Fragmentation by ROUND ROBIN
For a table that uses a round-robin distribution scheme, the rows that the database server stores in an insert or load operation are distributed cyclically among a user-defined number of fragments, so that the number of rows inserted into each fragment is approximately the same (±100).
Round-robin distributions are also called even distributions, because the design goal of this strategy is for an evenly balanced distribution among the fragments. To that end, a newly added round-robin fragment will be favored exclusively by inserts and loads until it no longer has the fewest number of rows among the table’s fragments.
The syntax for defining round-robin interval fragmentation requires that you specify at least two round-robin fragments in one of two forms. This form defines round-robin fragments and declares a name for each fragment:
FRAGMENT BY ROUND ROBIN
PARTITION partition IN dbspace,
. . .
PARTITION partition IN dbspace
As in other fragmentation schemes, each PARTITION partition
specification
declares the name of a fragment, which must be unique among the names
of fragments of the same table. The dbspace
specification
can be different for each fragment, or some fragments (or all of the
fragments) can be stored in separate named partitions of the same
dbspace. Each partition is the name of a round-robin fragment.
This alternative form defines round-robin fragments with no explicit name:
FRAGMENT BY ROUND ROBIN IN dbspace_list
Here the dbspace_list
specification is
a comma-separated list of at least 2 (but no more than 2048) dbspaces,
each of which stores a single round-robin fragment. No dbspace can
appear more than once in this list. (In the system catalog, the sysfragments.partition column
stores the identifier of the fragment. For fragments defined without
the PARTITION keyword, the partition value is the identifier
of the dbspace where the fragment is stored. For this reason, a repeated dbspace in dbspace_list violates
a uniqueness requirement for names of fragments of the same table.)
A round-robin distribution scheme must be defined by only one or the other of these two syntax forms.
A table that is fragmented by round-robin has no fragment key, no fragment expressions, and no REMAINDER fragment. (An alternative description is that every round-robin fragment resembles a remainder fragment, because no fragment expressions are defined to match a fragment key for the inserted rows. But the REMAINDER keyword is not valid in the SQL syntax to define a round-robin distribution strategy.)
Because no fragment expressions are evaluated when the database server loads new rows into round-robin fragments, this strategy provides the best performance for insert operations.

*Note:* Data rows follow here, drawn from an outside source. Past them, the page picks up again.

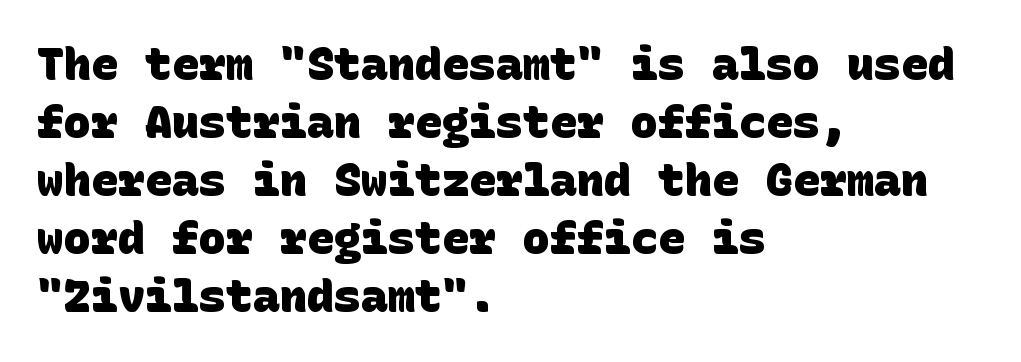
These lines sit exactly where default settings would place them. A dark, heavy texture on the line: the type is bold. Underline: absent. To sum up the face: it is a sans, with no serifs. What stands out about the letter spacing? Nothing — it is the standard amount. Where is the straight margin? On the left.
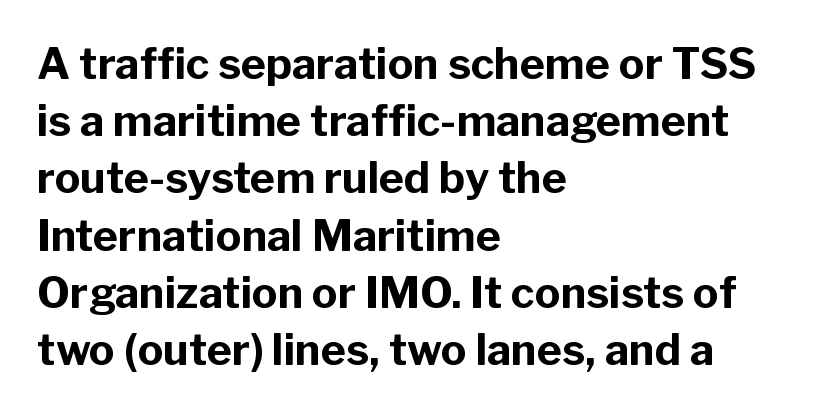
The rag falls on the right side of this text block. There is no visible air inserted between adjacent glyphs. This is the regular roman posture of the typeface. Varying glyph widths throughout — classic text-font behaviour.
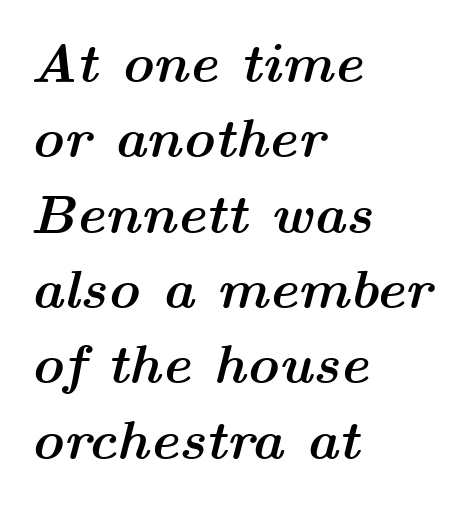
The image shows 55 px semibold, wide type, italic (leaning right); set left-aligned, normal line spacing (1.37x), normal letter spacing, not underlined; medium stroke contrast and a medium x-height.
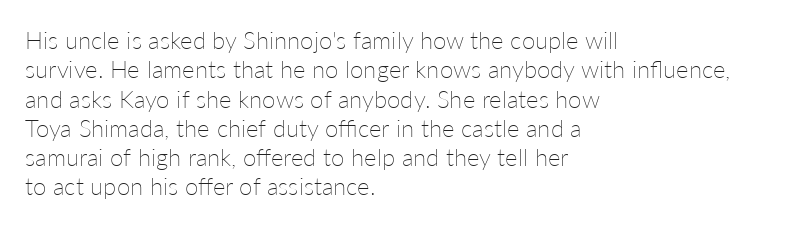
{"italic": "no", "bold": "no", "underline": "no", "align": "left", "line_spacing_ratio": 1.22, "letter_spacing": "normal", "letter_spacing_em": 0.0, "glyph_px": 24}
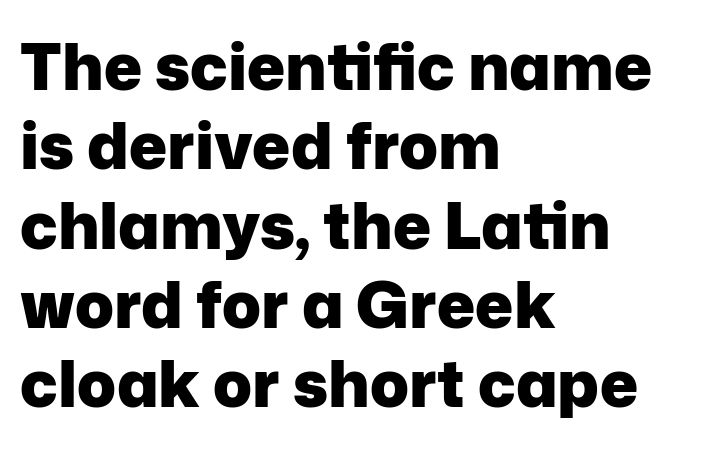
The axis of the letterforms is exactly vertical. The rendering uses natural spacing where letterforms have individual widths. In terms of weight, the rendering is a true, heavy bold. Glyph-to-glyph distance matches everyday printed text. All the whitespace from short lines collects on the right.
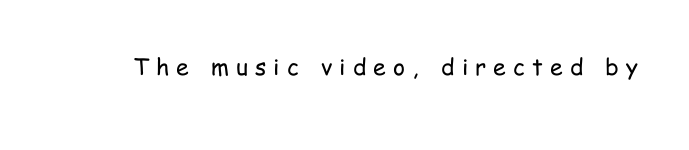
{"italic": "no", "bold": "no", "underline": "no", "letter_spacing": "wide", "letter_spacing_em": 0.31, "glyph_px": 23}
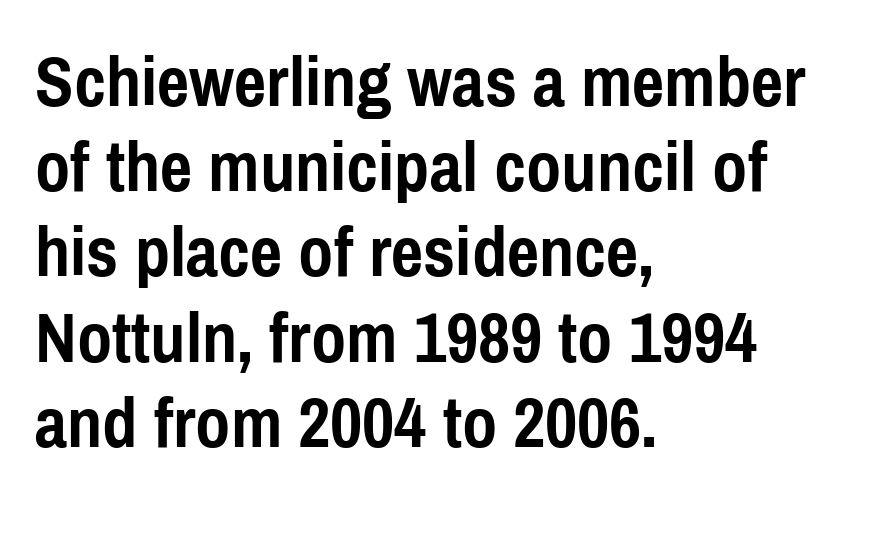
The image shows 71 px semibold, condensed sans-serif type, upright; set left-aligned, line spacing 1.2x, normal letter spacing, not underlined; a medium x-height.
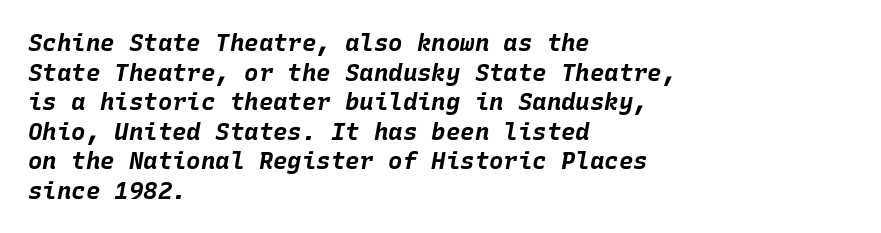
Q: Is the text bold? A: Yes.
Q: Is the text italic (slanted)? A: Yes, it leans right by about 10 degrees.
Q: Is the text underlined? A: No.
Q: How is the paragraph aligned? A: Left-aligned.
Q: Is the spacing between letters normal or unusually wide? A: Normal.
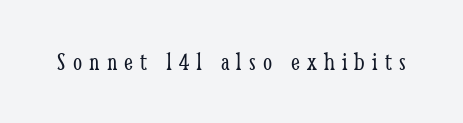
The image shows 26 px text type, upright; set unusually wide letter spacing (+0.28 em), not underlined.
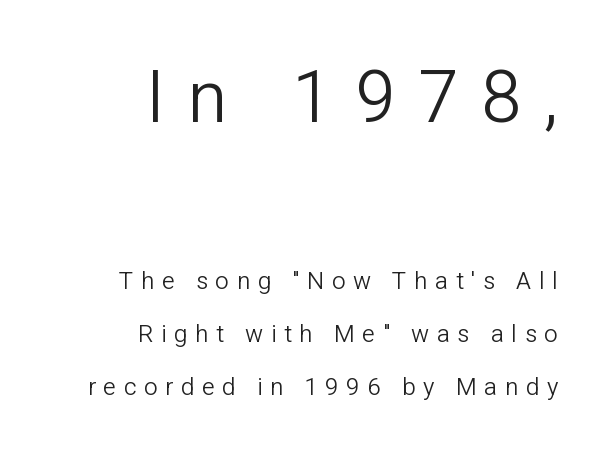
{"serif": "no", "italic": "no", "bold": "no", "weight": "light", "width": "normal", "stroke_contrast": "low", "x_height": "medium", "monospaced": "no", "underline": "no", "align": "right", "line_spacing": "loose", "line_spacing_ratio": 2.21, "letter_spacing": "wide", "letter_spacing_em": 0.32, "larger_block": "first", "size_ratio": 3.0, "glyph_px": 72}
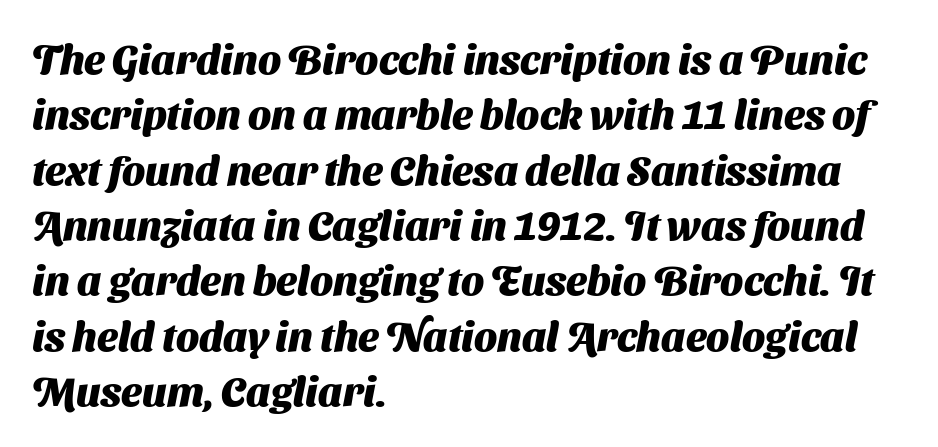
Q: Is the text bold? A: Yes.
Q: Is the typeface a serif or a sans-serif typeface? A: Sans-serif.
Q: Is the text underlined? A: No.
Q: How is the paragraph aligned? A: Left-aligned.
Q: Is the spacing between letters normal or unusually wide? A: Normal.
Q: Is the spacing between lines tight, normal or loose? A: Normal.
Q: Width (condensed, normal, or wide)? A: Normal.
Q: Stroke contrast? A: Medium.
Q: x-height? A: Medium.
Q: Monospaced? A: No.
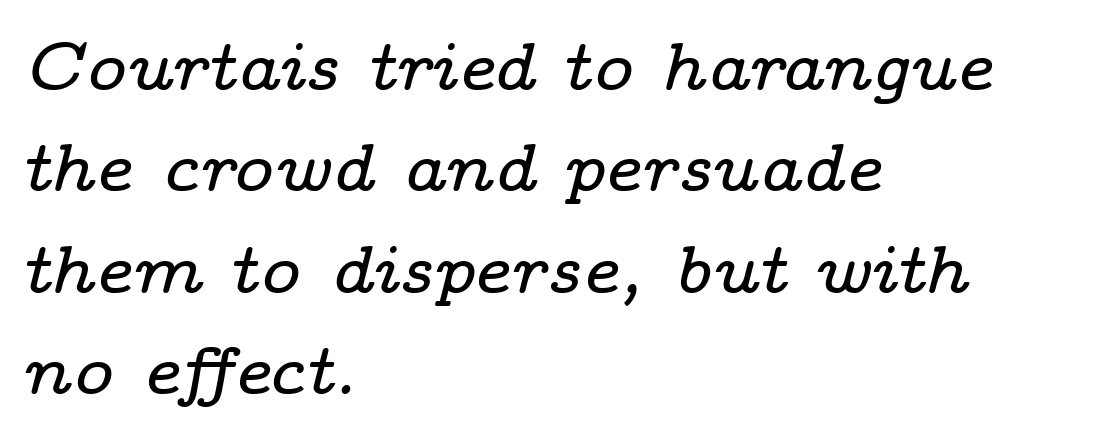
Q: Is the text italic (slanted)? A: Yes, it leans right by about 14 degrees.
Q: Is the typeface a serif or a sans-serif typeface? A: Serif.
Q: Is the text underlined? A: No.
Q: How is the paragraph aligned? A: Left-aligned.
Q: Is the spacing between letters normal or unusually wide? A: Normal.
Q: Is the spacing between lines tight, normal or loose? A: Normal.
Q: Width (condensed, normal, or wide)? A: Wide.
Q: Stroke contrast? A: Low.
Q: x-height? A: Medium.
Q: Monospaced? A: No.
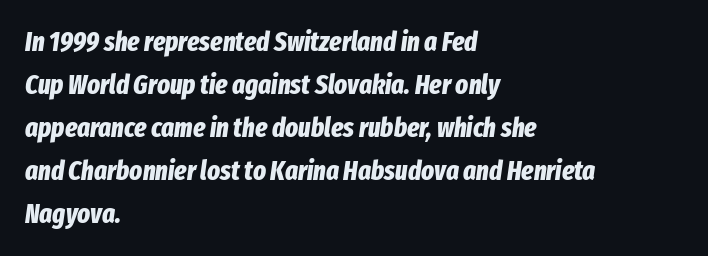
Compared with ordinary roman type, these characters are visibly tilted. No word sits above an underline. The typesetter chose a ragged-right arrangement here. Short note: letters normally spaced. The line-height multiplier appears to be the usual default.
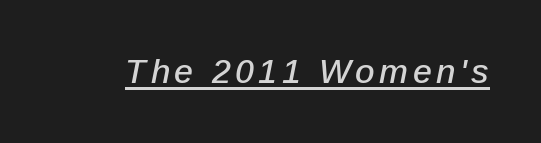
Observe the lean: these are italic letterforms. Does a line run under the words? Yes, clearly. Varying glyph widths throughout — classic text-font behaviour.

Only tables, not indexes, can be defined with round-robin fragmentation. For performance reasons, any indexes that you define on a table that is fragmented by round-robin should be nonfragmented indexes.
Because a round-robin distribution strategy has no fragment key and no fragment expressions, you cannot explicitly define a NULL round-robin fragment. When rows with missing data are loaded into a table by round-robin, the rows with NULL values are stored wherever the database server happens to insert them as it approximately equalizes the number of inserted rows for every fragment.
By design, the GRANT FRAGMENT and REVOKE FRAGMENT statements of SQL cannot reference round-robin fragments. Because each fragment stores a quasi-random subset of the rows, the DBA cannot predict which rows will be stored in a given round-robin fragment. If some rows contain unencrypted sensitive information, table-level (rather than fragment-level) is a more appropriate granularity for granting or withholding discretionary access privileges in databases that do not implement label-based (LBAC) security policies.
Because round-robin fragments are uncorrelated with data values, queries of tables that are fragmented by round-robin cannot benefit from fragment elimination. Round-robin distribution schemes are useful for balancing the rows in a set of table fragments across multiple devices, but other storage distribution schemes are typically used in data warehouse applications that query dimensional tables, because the performance advantages of round-robin in loading data are more than offset by slower data retrieval from round-robin fragments.